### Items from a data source
Content starts

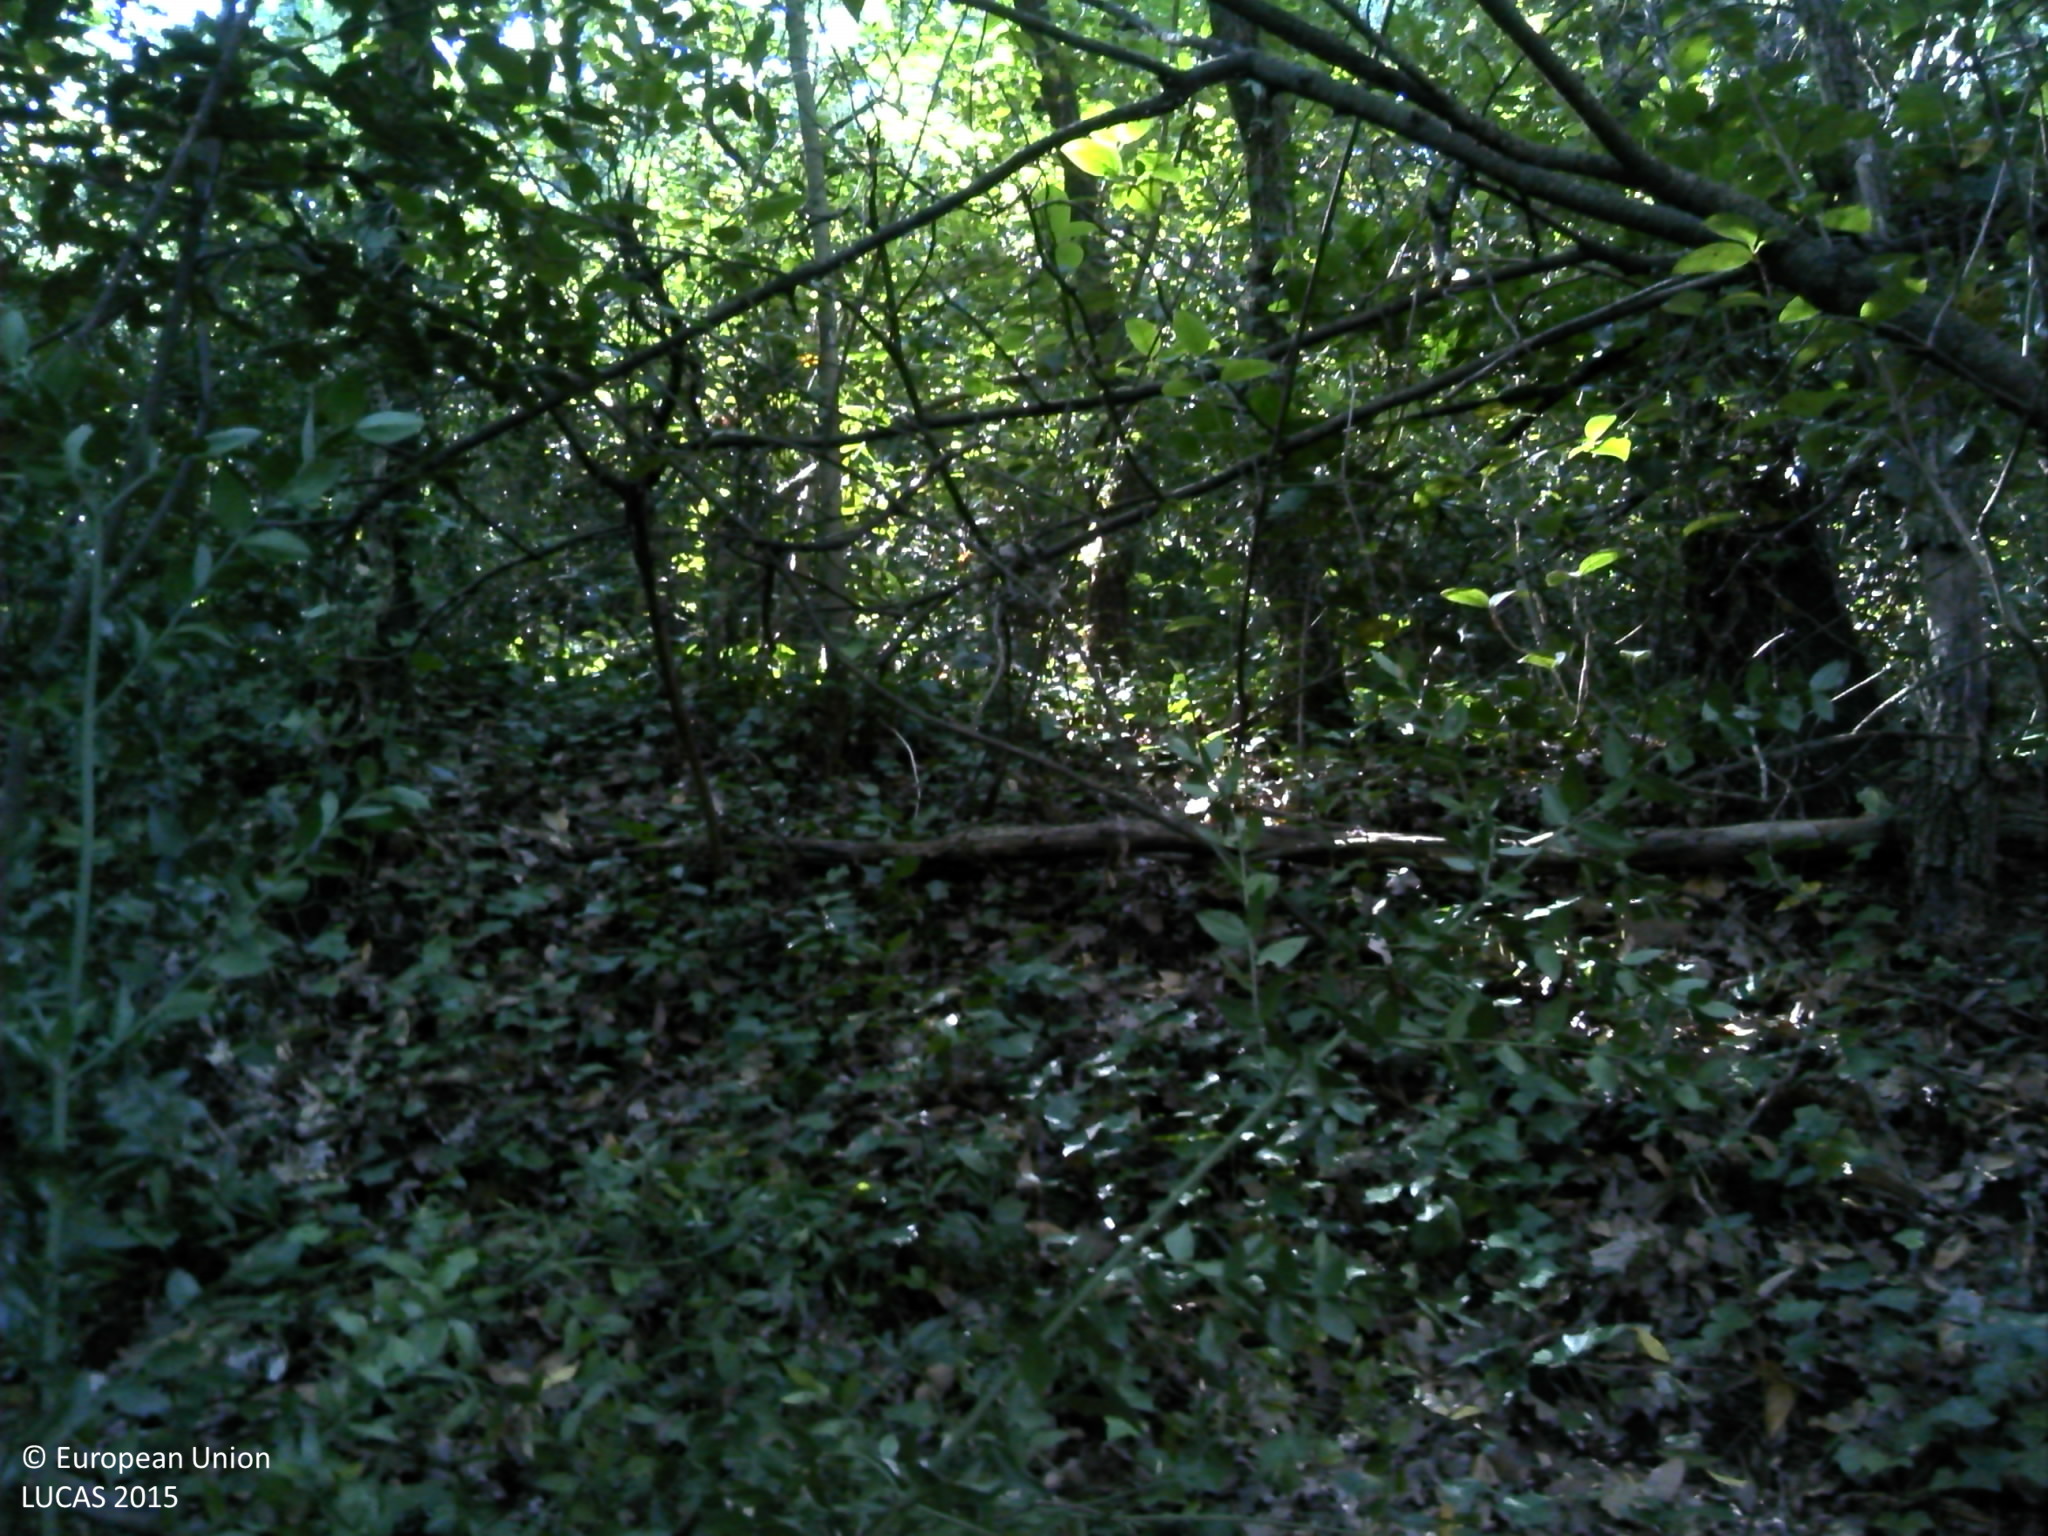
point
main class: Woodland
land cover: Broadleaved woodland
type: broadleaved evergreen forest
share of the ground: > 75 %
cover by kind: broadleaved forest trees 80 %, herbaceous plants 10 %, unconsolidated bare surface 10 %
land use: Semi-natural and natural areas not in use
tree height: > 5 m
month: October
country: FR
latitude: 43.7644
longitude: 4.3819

Content ends

Reply with an exact copy of the lines running from the one containing "land cover: Broadleaved woodland" through the end of the entries above, both ends included.

### Response box
land cover: Broadleaved woodland
type: broadleaved evergreen forest
share of the ground: > 75 %
cover by kind: broadleaved forest trees 80 %, herbaceous plants 10 %, unconsolidated bare surface 10 %
land use: Semi-natural and natural areas not in use
tree height: > 5 m
month: October
country: FR
latitude: 43.7644
longitude: 4.3819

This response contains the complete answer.